Forgetting God

by | Jun 1, 1999 | Passion

“Does a maiden forget her jewelry, a bride her wedding ornaments? Yet my people have forgotten me, days without number.” – Jeremiah 2:32

In Tennessee Williams’ short story “Something by Tolstoi,” centers on Jacob Brodzky, a shy Russian Jew who inherits a bookstore. Jacob is married to Lila, his childhood sweetheart. He enjoys being a bookseller, but she wants more adventure-and she leaves Jacob for the theater. Brodzky is devastated. At their parting, he reaches into his pocket and hands her the key to the front door of the bookstore. “You had better keep this,” he told her, “because you will want it some day. Your love is not so much less than mine that you can get away from it. You will come back sometime, and I will be waiting.” She kisses him and left.

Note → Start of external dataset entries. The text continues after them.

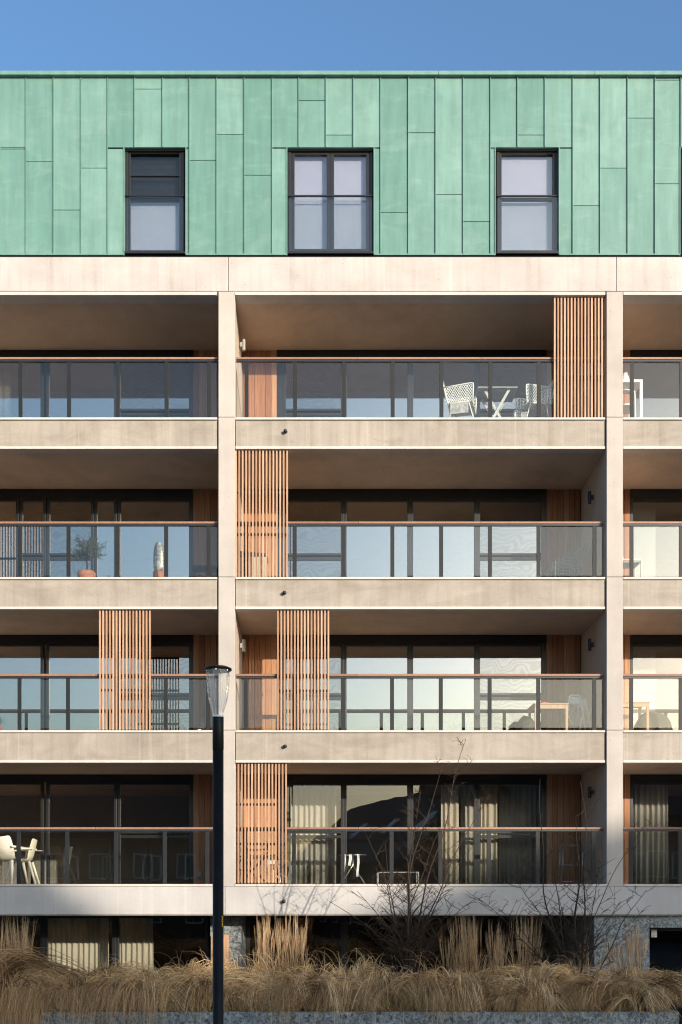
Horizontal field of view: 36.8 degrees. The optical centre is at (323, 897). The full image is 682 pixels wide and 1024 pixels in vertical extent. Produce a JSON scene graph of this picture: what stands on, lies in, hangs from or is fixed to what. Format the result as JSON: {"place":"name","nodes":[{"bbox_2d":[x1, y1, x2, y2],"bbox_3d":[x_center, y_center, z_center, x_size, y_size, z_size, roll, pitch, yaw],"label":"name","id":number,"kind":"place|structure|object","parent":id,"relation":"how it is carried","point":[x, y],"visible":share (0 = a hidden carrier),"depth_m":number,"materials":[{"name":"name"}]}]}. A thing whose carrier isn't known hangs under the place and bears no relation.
{"place":"outdoors","nodes":[
{"label":"outdoors","id":0,"kind":"place"},
{"bbox_2d":[192,565,218,577],"bbox_3d":[-2.464,-6.555,21.300,0.520,0.600,0.367,0,0,0],"label":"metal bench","id":1,"kind":"object","parent":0,"point":[199,568],"visible":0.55,"depth_m":21.16,"materials":[{"name":"grey metal"}]},
{"bbox_2d":[0,71,681,1023],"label":"apartment building","id":2,"kind":"structure","parent":0,"point":[270,313],"depth_m":20.16,"materials":[{"name":"beige concrete"}]},
{"bbox_2d":[0,364,10,416],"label":"curtain","id":3,"kind":"object","parent":2,"relation":"hanging from","point":[5,390],"visible":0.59,"depth_m":22.35,"materials":[{"name":"fabric"}]},
{"bbox_2d":[0,498,19,576],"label":"window","id":4,"kind":"structure","parent":2,"relation":"in","point":[2,500],"depth_m":22.03,"materials":[{"name":"black metal"}]},
{"bbox_2d":[0,836,28,883],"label":"moulded chair","id":5,"kind":"object","parent":2,"relation":"on","point":[7,852],"visible":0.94,"depth_m":20.18,"materials":[{"name":"beige plastic"}]},
{"bbox_2d":[0,915,43,959],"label":"window","id":6,"kind":"structure","parent":2,"relation":"in","point":[41,917],"depth_m":22.03,"materials":[{"name":"black metal"}]},
{"bbox_2d":[5,838,39,883],"bbox_3d":[-6.066,-0.718,20.622,0.623,0.937,0.655,0,0,-8],"label":"moulded chair","id":7,"kind":"object","parent":2,"relation":"on","point":[31,849],"visible":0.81,"depth_m":20.44,"materials":[{"name":"beige plastic"}]},
{"bbox_2d":[0,363,44,416],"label":"window","id":8,"kind":"structure","parent":2,"relation":"in","point":[42,365],"depth_m":22.03,"materials":[{"name":"black metal"}]},
{"bbox_2d":[0,643,44,729],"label":"window","id":9,"kind":"structure","parent":2,"relation":"in","point":[42,646],"depth_m":22.03,"materials":[{"name":"black metal"}]},
{"bbox_2d":[0,782,44,883],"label":"window","id":10,"kind":"structure","parent":2,"relation":"in","point":[42,784],"depth_m":22.03,"materials":[{"name":"black glass"}]},
{"bbox_2d":[21,850,43,883],"bbox_3d":[-6.042,-0.617,21.200,0.500,0.725,0.500,0,0,0],"label":"round table","id":11,"kind":"object","parent":2,"relation":"on","point":[32,881],"visible":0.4,"depth_m":21.17,"materials":[{"name":"grey plastic"}]},
{"bbox_2d":[20,498,46,576],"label":"window","id":12,"kind":"structure","parent":2,"relation":"in","point":[22,500],"depth_m":22.03,"materials":[{"name":"black metal"}]},
{"bbox_2d":[47,498,93,576],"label":"window","id":13,"kind":"structure","parent":2,"relation":"in","point":[49,500],"depth_m":22.03,"materials":[{"name":"black metal"}]},
{"bbox_2d":[48,918,108,979],"bbox_3d":[-5.420,1.236,22.602,1.341,1.597,0.081,0,0,0],"label":"curtain","id":14,"kind":"object","parent":2,"relation":"hanging from","point":[88,937],"visible":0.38,"depth_m":22.60,"materials":[{"name":"beige fabric"}]},
{"bbox_2d":[44,915,114,966],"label":"window","id":15,"kind":"structure","parent":2,"relation":"in","point":[46,917],"depth_m":22.03,"materials":[{"name":"black metal"}]},
{"bbox_2d":[46,363,115,416],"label":"window","id":16,"kind":"structure","parent":2,"relation":"in","point":[47,364],"depth_m":22.03,"materials":[{"name":"black metal"}]},
{"bbox_2d":[46,643,115,729],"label":"window","id":17,"kind":"structure","parent":2,"relation":"in","point":[48,645],"depth_m":22.03,"materials":[{"name":"black metal"}]},
{"bbox_2d":[46,782,117,883],"bbox_3d":[-5.217,-1.367,22.080,1.518,2.260,0.100,0,0,0],"label":"window","id":18,"kind":"structure","parent":2,"relation":"in","point":[48,784],"depth_m":22.03,"materials":[{"name":"black metal"}]},
{"bbox_2d":[71,532,106,576],"bbox_3d":[-4.752,-6.882,20.789,0.738,1.255,0.858,0,0,-32],"label":"potted olive tree","id":19,"kind":"object","parent":2,"relation":"on","point":[86,551],"visible":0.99,"depth_m":20.69,"materials":[{"name":"green plant"}]},
{"bbox_2d":[94,498,117,576],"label":"window","id":20,"kind":"structure","parent":2,"relation":"in","point":[96,500],"depth_m":22.03,"materials":[{"name":"black metal"}]},
{"bbox_2d":[120,918,153,971],"bbox_3d":[-4.150,1.236,22.602,0.792,1.597,0.081,0,0,0],"label":"curtain","id":21,"kind":"object","parent":2,"relation":"hanging from","point":[136,934],"visible":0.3,"depth_m":22.60,"materials":[{"name":"beige fabric"}]},
{"bbox_2d":[124,152,184,255],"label":"window","id":22,"kind":"structure","parent":2,"relation":"in","point":[154,186],"depth_m":20.26,"materials":[{"name":"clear glass"}]},
{"bbox_2d":[118,498,191,576],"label":"window","id":23,"kind":"structure","parent":2,"relation":"in","point":[120,500],"depth_m":22.03,"materials":[{"name":"black metal"}]},
{"bbox_2d":[118,643,191,729],"bbox_3d":[-3.642,-4.361,22.075,1.599,2.235,0.110,0,0,0],"label":"window","id":24,"kind":"structure","parent":2,"relation":"in","point":[189,645],"depth_m":22.03,"materials":[{"name":"black metal"}]},
{"bbox_2d":[118,782,191,883],"bbox_3d":[-3.642,-1.367,22.075,1.599,2.260,0.110,0,0,0],"label":"window","id":25,"kind":"structure","parent":2,"relation":"in","point":[120,836],"depth_m":22.03,"materials":[{"name":"black metal"}]},
{"bbox_2d":[120,363,191,416],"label":"window","id":26,"kind":"structure","parent":2,"relation":"in","point":[189,410],"depth_m":22.04,"materials":[{"name":"black metal"}]},
{"bbox_2d":[153,541,163,576],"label":"potted columnar cactus","id":27,"kind":"object","parent":2,"relation":"on","point":[158,560],"visible":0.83,"depth_m":20.56,"materials":[{"name":"plant"}]},
{"bbox_2d":[115,915,208,967],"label":"window","id":28,"kind":"structure","parent":2,"relation":"in","point":[117,917],"depth_m":22.03,"materials":[{"name":"black metal"}]},
{"bbox_2d":[240,551,267,576],"bbox_3d":[-1.456,-6.739,21.350,0.570,0.928,0.480,0,0,0],"label":"storage box","id":29,"kind":"object","parent":2,"relation":"on","point":[254,564],"visible":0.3,"depth_m":21.13,"materials":[{"name":"beige plastic"}]},
{"bbox_2d":[239,839,288,881],"bbox_3d":[-1.436,-0.728,21.050,1.433,0.937,0.526,0,0,0],"label":"bicycle","id":30,"kind":"object","parent":2,"relation":"on","point":[264,864],"visible":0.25,"depth_m":21.04,"materials":[{"name":"metal"}]},
{"bbox_2d":[264,860,280,881],"bbox_3d":[-1.040,-0.504,20.800,0.343,0.502,0.322,0,0,0],"label":"utility cart","id":31,"kind":"object","parent":2,"relation":"on","point":[270,864],"visible":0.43,"depth_m":20.65,"materials":[{"name":"white paint"}]},
{"bbox_2d":[246,915,343,971],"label":"window","id":32,"kind":"structure","parent":2,"relation":"in","point":[248,917],"depth_m":22.03,"materials":[{"name":"black metal"}]},
{"bbox_2d":[283,363,341,416],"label":"window","id":33,"kind":"structure","parent":2,"relation":"in","point":[285,410],"depth_m":22.03,"materials":[{"name":"black metal"}]},
{"bbox_2d":[290,785,335,883],"bbox_3d":[-0.232,-1.452,22.452,1.010,2.335,0.081,0,0,0],"label":"curtain","id":34,"kind":"object","parent":2,"relation":"hanging from","point":[313,805],"visible":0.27,"depth_m":22.45,"materials":[{"name":"beige fabric"}]},
{"bbox_2d":[283,643,343,728],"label":"window","id":35,"kind":"structure","parent":2,"relation":"in","point":[341,645],"depth_m":22.03,"materials":[{"name":"black metal"}]},
{"bbox_2d":[283,782,343,881],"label":"window","id":36,"kind":"structure","parent":2,"relation":"in","point":[288,783],"depth_m":22.03,"materials":[{"name":"black metal"}]},
{"bbox_2d":[285,498,343,576],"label":"window","id":37,"kind":"structure","parent":2,"relation":"in","point":[290,500],"depth_m":22.03,"materials":[{"name":"black metal"}]},
{"bbox_2d":[287,152,373,255],"bbox_3d":[0.127,-13.667,20.141,1.702,2.135,0.242,0,0,0],"label":"window","id":38,"kind":"structure","parent":2,"relation":"in","point":[330,196],"depth_m":20.26,"materials":[{"name":"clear glass"}]},
{"bbox_2d":[340,854,366,883],"bbox_3d":[0.597,-0.565,21.099,0.549,0.631,0.569,0,0,0],"label":"drying rack","id":39,"kind":"object","parent":2,"relation":"on","point":[353,865],"visible":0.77,"depth_m":20.97,"materials":[{"name":"metal"}]},
{"bbox_2d":[348,854,351,865],"bbox_3d":[0.529,-0.765,20.818,0.081,0.241,0.027,0,0,0],"label":"hanging cloth","id":40,"kind":"object","parent":39,"relation":"hanging from","point":[349,860],"visible":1,"depth_m":20.82,"materials":[{"name":"white fabric"}]},
{"bbox_2d":[356,854,359,876],"bbox_3d":[0.689,-0.655,20.818,0.070,0.460,0.027,0,0,0],"label":"hanging cloth","id":41,"kind":"object","parent":39,"relation":"hanging from","point":[357,868],"visible":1,"depth_m":20.81,"materials":[{"name":"white fabric"}]},
{"bbox_2d":[344,915,407,972],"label":"window","id":42,"kind":"structure","parent":2,"relation":"in","point":[346,917],"depth_m":22.03,"materials":[{"name":"black metal"}]},
{"bbox_2d":[344,498,409,576],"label":"window","id":43,"kind":"structure","parent":2,"relation":"in","point":[346,500],"depth_m":22.03,"materials":[{"name":"black metal"}]},
{"bbox_2d":[344,643,409,729],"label":"window","id":44,"kind":"structure","parent":2,"relation":"in","point":[346,645],"depth_m":22.03,"materials":[{"name":"black metal"}]},
{"bbox_2d":[344,782,409,883],"bbox_3d":[1.142,-1.367,22.080,1.430,2.260,0.100,0,0,0],"label":"window","id":45,"kind":"structure","parent":2,"relation":"in","point":[345,783],"depth_m":22.03,"materials":[{"name":"black metal"}]},
{"bbox_2d":[346,358,409,416],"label":"window","id":46,"kind":"structure","parent":2,"relation":"in","point":[408,364],"depth_m":22.03,"materials":[{"name":"black metal"}]},
{"bbox_2d":[377,872,418,883],"bbox_3d":[1.512,-0.390,21.000,0.836,0.271,0.416,0,0,0],"label":"table frame","id":47,"kind":"object","parent":2,"relation":"on","point":[398,872],"visible":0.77,"depth_m":20.80,"materials":[{"name":"grey paint"}]},
{"bbox_2d":[410,363,476,416],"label":"window","id":48,"kind":"structure","parent":2,"relation":"in","point":[411,364],"depth_m":22.03,"materials":[{"name":"black metal"}]},
{"bbox_2d":[410,498,476,576],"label":"window","id":49,"kind":"structure","parent":2,"relation":"in","point":[412,500],"depth_m":22.03,"materials":[{"name":"black metal"}]},
{"bbox_2d":[410,643,476,729],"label":"window","id":50,"kind":"structure","parent":2,"relation":"in","point":[412,645],"depth_m":22.03,"materials":[{"name":"black metal"}]},
{"bbox_2d":[410,782,476,883],"bbox_3d":[2.578,-1.367,22.080,1.437,2.260,0.100,0,0,0],"label":"window","id":51,"kind":"structure","parent":2,"relation":"in","point":[411,783],"depth_m":22.03,"materials":[{"name":"black metal"}]},
{"bbox_2d":[441,785,458,883],"bbox_3d":[2.746,-1.406,22.322,0.409,2.247,0.081,0,0,0],"label":"curtain","id":52,"kind":"object","parent":2,"relation":"hanging from","point":[451,838],"visible":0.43,"depth_m":22.32,"materials":[{"name":"beige fabric"}]},
{"bbox_2d":[409,915,500,972],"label":"window","id":53,"kind":"structure","parent":2,"relation":"in","point":[440,916],"depth_m":22.03,"materials":[{"name":"black metal"}]},
{"bbox_2d":[444,382,476,416],"bbox_3d":[2.737,-9.895,20.621,0.692,1.047,0.612,0,0,14],"label":"woven armchair","id":54,"kind":"object","parent":2,"relation":"on","point":[459,407],"visible":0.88,"depth_m":20.34,"materials":[{"name":"white wicker"}]},
{"bbox_2d":[460,785,473,883],"bbox_3d":[3.177,-1.417,22.502,0.360,2.265,0.081,0,0,0],"label":"curtain","id":55,"kind":"object","parent":2,"relation":"hanging from","point":[467,820],"visible":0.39,"depth_m":22.51,"materials":[{"name":"beige fabric"}]},
{"bbox_2d":[480,785,497,883],"bbox_3d":[3.611,-1.371,22.362,0.402,2.176,0.081,0,0,0],"label":"curtain","id":56,"kind":"object","parent":2,"relation":"hanging from","point":[489,813],"visible":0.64,"depth_m":22.37,"materials":[{"name":"beige fabric"}]},
{"bbox_2d":[474,387,517,416],"bbox_3d":[3.489,-9.811,20.847,0.800,0.897,0.594,0,0,0],"label":"crossleg table","id":57,"kind":"object","parent":2,"relation":"on","point":[502,395],"visible":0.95,"depth_m":20.75,"materials":[{"name":"grey plastic"}]},
{"bbox_2d":[477,363,543,416],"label":"window","id":58,"kind":"structure","parent":2,"relation":"in","point":[479,410],"depth_m":22.03,"materials":[{"name":"black metal"}]},
{"bbox_2d":[477,498,543,576],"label":"window","id":59,"kind":"structure","parent":2,"relation":"in","point":[479,500],"depth_m":22.03,"materials":[{"name":"black metal"}]},
{"bbox_2d":[477,643,543,729],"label":"window","id":60,"kind":"structure","parent":2,"relation":"in","point":[479,645],"depth_m":22.03,"materials":[{"name":"black metal"}]},
{"bbox_2d":[477,782,543,883],"bbox_3d":[4.020,-1.367,22.075,1.445,2.260,0.110,0,0,0],"label":"window","id":61,"kind":"structure","parent":2,"relation":"in","point":[479,836],"depth_m":22.03,"materials":[{"name":"black metal"}]},
{"bbox_2d":[512,410,526,416],"bbox_3d":[3.961,-9.590,20.750,0.283,0.432,0.324,0,0,0],"label":"woven footstool","id":62,"kind":"object","parent":2,"relation":"on","point":[522,413],"visible":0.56,"depth_m":20.60,"materials":[{"name":"white wicker"}]},
{"bbox_2d":[499,785,540,883],"bbox_3d":[4.315,-1.383,22.552,0.939,2.195,0.081,0,0,0],"label":"balcony door","id":63,"kind":"structure","parent":2,"relation":"hanging from","point":[518,805],"depth_m":22.55,"materials":[{"name":"black glass"}]},
{"bbox_2d":[501,915,541,968],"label":"window","id":64,"kind":"structure","parent":2,"relation":"in","point":[503,916],"depth_m":22.03,"materials":[{"name":"black metal"}]},
{"bbox_2d":[516,715,533,729],"bbox_3d":[4.213,-3.526,21.358,0.447,0.530,0.602,0,0,0],"label":"beanbag","id":65,"kind":"object","parent":2,"relation":"on","point":[525,722],"visible":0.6,"depth_m":21.14,"materials":[{"name":"grey fabric"}]},
{"bbox_2d":[496,152,558,255],"bbox_3d":[3.995,-13.667,20.141,1.247,2.135,0.242,0,0,0],"label":"window","id":66,"kind":"structure","parent":2,"relation":"in","point":[526,187],"depth_m":20.26,"materials":[{"name":"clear glass"}]},
{"bbox_2d":[515,379,553,416],"bbox_3d":[4.264,-9.895,20.660,0.692,1.047,0.612,0,0,-9],"label":"woven armchair","id":67,"kind":"object","parent":2,"relation":"on","point":[530,405],"visible":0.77,"depth_m":20.41,"materials":[{"name":"white wicker"}]},
{"bbox_2d":[527,703,569,729],"bbox_3d":[4.588,-3.592,20.980,0.720,0.662,0.700,0,0,0],"label":"wooden table","id":68,"kind":"object","parent":2,"relation":"on","point":[558,707],"visible":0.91,"depth_m":20.65,"materials":[{"name":"brown wood"}]},
{"bbox_2d":[542,915,570,963],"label":"window","id":69,"kind":"structure","parent":2,"relation":"in","point":[567,916],"depth_m":22.03,"materials":[{"name":"black metal"}]},
{"bbox_2d":[546,551,576,576],"bbox_3d":[4.934,-6.705,21.300,0.566,0.904,0.546,0,0,0],"label":"stacking armchair","id":70,"kind":"object","parent":2,"relation":"on","point":[552,574],"visible":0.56,"depth_m":21.08,"materials":[{"name":"grey metal"}]},
{"bbox_2d":[549,548,579,576],"bbox_3d":[5.009,-6.760,21.300,0.566,0.904,0.546,0,0,0],"label":"stacking armchair","id":71,"kind":"object","parent":70,"relation":"on","point":[574,563],"visible":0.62,"depth_m":21.04,"materials":[{"name":"grey metal"}]},
{"bbox_2d":[559,845,582,883],"bbox_3d":[5.116,-0.671,21.200,0.417,0.834,0.298,0,0,0],"label":"wire shelf","id":72,"kind":"object","parent":2,"relation":"on","point":[570,865],"visible":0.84,"depth_m":21.05,"materials":[{"name":"metal"}]},
{"bbox_2d":[564,694,585,729],"bbox_3d":[5.120,-3.705,20.885,0.503,0.892,0.124,0,0,-6],"label":"folding chair","id":73,"kind":"object","parent":2,"relation":"on","point":[575,718],"visible":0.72,"depth_m":20.89,"materials":[{"name":"white paint"}]},
{"bbox_2d":[569,698,591,729],"bbox_3d":[5.283,-3.687,21.114,0.504,0.857,0.124,0,0,14],"label":"folding chair","id":74,"kind":"object","parent":2,"relation":"on","point":[587,715],"visible":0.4,"depth_m":21.11,"materials":[{"name":"white paint"}]},
{"bbox_2d":[623,389,635,416],"bbox_3d":[5.986,-9.746,20.550,0.443,0.745,0.443,0,0,0],"label":"round back chair","id":75,"kind":"object","parent":2,"relation":"on","point":[626,408],"visible":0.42,"depth_m":20.42,"materials":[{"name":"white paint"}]},
{"bbox_2d":[623,559,641,576],"bbox_3d":[6.131,-6.705,20.650,0.441,0.902,0.431,0,0,0],"label":"low side table","id":76,"kind":"object","parent":2,"relation":"on","point":[626,564],"visible":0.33,"depth_m":20.51,"materials":[{"name":"white paint"}]},
{"bbox_2d":[623,379,642,416],"bbox_3d":[6.051,-9.902,20.850,0.730,1.055,0.500,0,0,0],"label":"console table","id":77,"kind":"object","parent":2,"relation":"on","point":[638,383],"visible":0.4,"depth_m":20.62,"materials":[{"name":"white paint"}]},
{"bbox_2d":[623,373,628,378],"bbox_3d":[6.137,-10.551,20.850,0.160,0.240,0.160,0,0,0],"label":"vase","id":78,"kind":"object","parent":77,"relation":"on","point":[625,375],"visible":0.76,"depth_m":20.80,"materials":[{"name":"white ceramic"}]},
{"bbox_2d":[623,702,649,729],"bbox_3d":[6.127,-3.583,20.700,0.760,0.644,0.600,0,0,0],"label":"dining table","id":79,"kind":"object","parent":2,"relation":"on","point":[639,705],"visible":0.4,"depth_m":20.43,"materials":[{"name":"brown wood"}]},
{"bbox_2d":[633,785,668,883],"bbox_3d":[7.123,-1.411,22.402,0.813,2.255,0.081,0,0,0],"label":"curtain","id":80,"kind":"object","parent":2,"relation":"hanging from","point":[650,851],"visible":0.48,"depth_m":22.40,"materials":[{"name":"beige fabric"}]},
{"bbox_2d":[633,711,672,729],"bbox_3d":[6.716,-3.528,20.908,0.845,0.534,0.602,0,0,0],"label":"beanbag","id":81,"kind":"object","parent":2,"relation":"on","point":[658,721],"visible":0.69,"depth_m":20.68,"materials":[{"name":"grey fabric"}]},
{"bbox_2d":[630,498,681,520],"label":"window","id":82,"kind":"structure","parent":2,"relation":"in","point":[632,500],"depth_m":22.03,"materials":[{"name":"black metal"}]},
{"bbox_2d":[630,643,681,673],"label":"window","id":83,"kind":"structure","parent":2,"relation":"in","point":[632,645],"depth_m":22.03,"materials":[{"name":"black metal"}]},
{"bbox_2d":[630,782,681,826],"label":"window","id":84,"kind":"structure","parent":2,"relation":"in","point":[631,783],"depth_m":22.03,"materials":[{"name":"black metal"}]},
{"bbox_2d":[634,363,678,363],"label":"window","id":85,"kind":"structure","parent":2,"relation":"in","point":[634,363],"depth_m":22.12,"materials":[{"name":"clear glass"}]},
{"bbox_2d":[649,928,681,1023],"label":"entrance door","id":86,"kind":"structure","parent":2,"relation":"in","point":[665,944],"depth_m":20.45,"materials":[{"name":"black glass"}]},
{"bbox_2d":[680,152,681,255],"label":"window","id":87,"kind":"structure","parent":2,"relation":"in","point":[681,152],"depth_m":20.12,"materials":[{"name":"black metal"}]},
{"bbox_2d":[0,0,681,71],"label":"sky","id":88,"kind":"structure","parent":0,"point":[36,35],"materials":[{"name":"blue"}]},
{"bbox_2d":[553,546,583,576],"bbox_3d":[5.084,-6.815,21.300,0.566,0.904,0.546,0,0,0],"label":"stacking armchair","id":89,"kind":"object","parent":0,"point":[578,559],"visible":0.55,"depth_m":21.04,"materials":[{"name":"grey metal"}]},
{"bbox_2d":[556,543,587,576],"bbox_3d":[5.159,-6.870,21.300,0.566,0.904,0.546,0,0,0],"label":"stacking armchair","id":90,"kind":"object","parent":89,"relation":"on","point":[582,556],"visible":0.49,"depth_m":21.04,"materials":[{"name":"grey metal"}]},
{"label":"ground","id":91,"kind":"structure","parent":0,"visible":0},
{"bbox_2d":[204,665,231,1023],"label":"street lamp","id":92,"kind":"object","parent":91,"relation":"on","point":[218,857],"visible":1,"depth_m":11.95,"materials":[{"name":"black metal"}]},
{"bbox_2d":[211,935,228,970],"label":"leaning boards","id":93,"kind":"object","parent":91,"relation":"on","point":[226,943],"visible":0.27,"depth_m":20.75,"materials":[{"name":"brown wood"}]},
{"bbox_2d":[0,998,678,1023],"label":"planter","id":94,"kind":"object","parent":91,"relation":"on","point":[389,1017],"visible":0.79,"depth_m":16.00,"materials":[{"name":"concrete"}]},
{"bbox_2d":[0,913,14,965],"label":"reed clump","id":95,"kind":"object","parent":94,"relation":"on","point":[6,936],"visible":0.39,"depth_m":16.92,"materials":[{"name":"beige plant"}]},
{"bbox_2d":[5,913,36,974],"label":"reed clump","id":96,"kind":"object","parent":94,"relation":"on","point":[26,940],"visible":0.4,"depth_m":17.05,"materials":[{"name":"beige plant"}]},
{"bbox_2d":[242,913,282,980],"bbox_3d":[-1.003,1.013,17.277,0.711,1.649,0.801,0,0,-29],"label":"reed clump","id":97,"kind":"object","parent":94,"relation":"on","point":[260,943],"visible":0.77,"depth_m":17.36,"materials":[{"name":"beige plant"}]},
{"bbox_2d":[267,912,316,1005],"bbox_3d":[-0.493,1.008,17.266,1.086,1.659,1.064,0,0,-21],"label":"reed clump","id":98,"kind":"object","parent":94,"relation":"on","point":[286,950],"visible":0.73,"depth_m":17.34,"materials":[{"name":"beige plant"}]},
{"bbox_2d":[0,941,681,1023],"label":"fountain grass","id":99,"kind":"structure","parent":94,"relation":"on","point":[41,987],"depth_m":16.16,"materials":[{"name":"beige plant"}]},
{"bbox_2d":[329,736,495,976],"bbox_3d":[1.503,-0.432,16.935,2.848,4.546,1.266,0,0,0],"label":"bare shrub","id":100,"kind":"object","parent":94,"relation":"on","point":[408,949],"visible":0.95,"depth_m":17.03,"materials":[{"name":"brown plant"}]},
{"bbox_2d":[431,926,467,975],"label":"reed clump","id":101,"kind":"object","parent":94,"relation":"on","point":[452,962],"visible":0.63,"depth_m":17.80,"materials":[{"name":"beige plant"}]},
{"bbox_2d":[447,911,495,974],"bbox_3d":[2.555,0.995,17.614,0.906,1.685,1.094,0,0,0],"label":"reed clump","id":102,"kind":"object","parent":94,"relation":"on","point":[472,947],"visible":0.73,"depth_m":17.56,"materials":[{"name":"beige plant"}]},
{"bbox_2d":[477,923,519,970],"bbox_3d":[3.008,1.091,17.539,0.845,1.493,0.853,0,0,0],"label":"reed clump","id":103,"kind":"object","parent":94,"relation":"on","point":[497,954],"visible":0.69,"depth_m":17.56,"materials":[{"name":"beige plant"}]},
{"bbox_2d":[505,914,556,968],"bbox_3d":[3.443,1.030,17.422,0.980,1.615,1.118,0,0,-16],"label":"reed clump","id":104,"kind":"object","parent":94,"relation":"on","point":[518,945],"visible":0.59,"depth_m":17.46,"materials":[{"name":"beige plant"}]},
{"bbox_2d":[467,783,659,1008],"bbox_3d":[4.002,-0.083,17.053,3.308,3.851,1.085,0,0,0],"label":"bare shrub","id":105,"kind":"object","parent":94,"relation":"on","point":[577,948],"visible":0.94,"depth_m":17.07,"materials":[{"name":"brown plant"}]},
{"bbox_2d":[573,928,594,977],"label":"reed clump","id":106,"kind":"object","parent":94,"relation":"on","point":[583,958],"visible":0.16,"depth_m":18.22,"materials":[{"name":"beige plant"}]},
{"bbox_2d":[594,936,629,973],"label":"reed clump","id":107,"kind":"object","parent":94,"relation":"on","point":[614,957],"visible":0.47,"depth_m":17.94,"materials":[{"name":"beige plant"}]},
{"bbox_2d":[611,922,648,975],"bbox_3d":[5.373,1.106,17.833,0.846,1.462,0.898,0,0,0],"label":"reed clump","id":108,"kind":"object","parent":94,"relation":"on","point":[631,951],"visible":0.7,"depth_m":18.01,"materials":[{"name":"beige plant"}]}
]}

To escape the pain, Brodzky withdrew deep into his bookstore and immersed himself in his books while he waited for his love to return. Nearly 15 years after they parted, at Christmastime, she returns. But when Brodzky rose from the reading desk that had been his place of escape for all that time, he did not take the love of his life for more than an ordinary customer. “Do you want a book?” He asked. That he didn’t recognize her startled her. But she regains her composure and replied, “I want a book, but I’ve forgotten the name of it.” Then she told him a story of childhood sweethearts. A story of a newly married couple who lived in an apartment above a bookstore. A story of a young, ambitious wife who left to seek a career, who enjoyed great success but could never relinquish the key her husband gave her when they parted. She told him the story she thought would bring him to himself. But his face showed no recognition.

Gradually she realized that he had lost touch with his heart’s desire, that he no longer knew the purpose of his waiting and grieving, that now all he remembered was the waiting and grieving itself. “You remember it; you must remember it-the story of Lila and Jacob?” After a long, bewildered pause, he said, “There is something familiar about the story, I think I have read it somewhere. It comes to me that it is something by Tolstoi.” Dropping the key, she fled the shop. And Brodzky returned to his desk, to his reading, unaware that the love he waited for had come and gone.

Does your love still burn for the Lord? Today in prayer, confess any forgetfulness of God and keep your love for Him alive and active.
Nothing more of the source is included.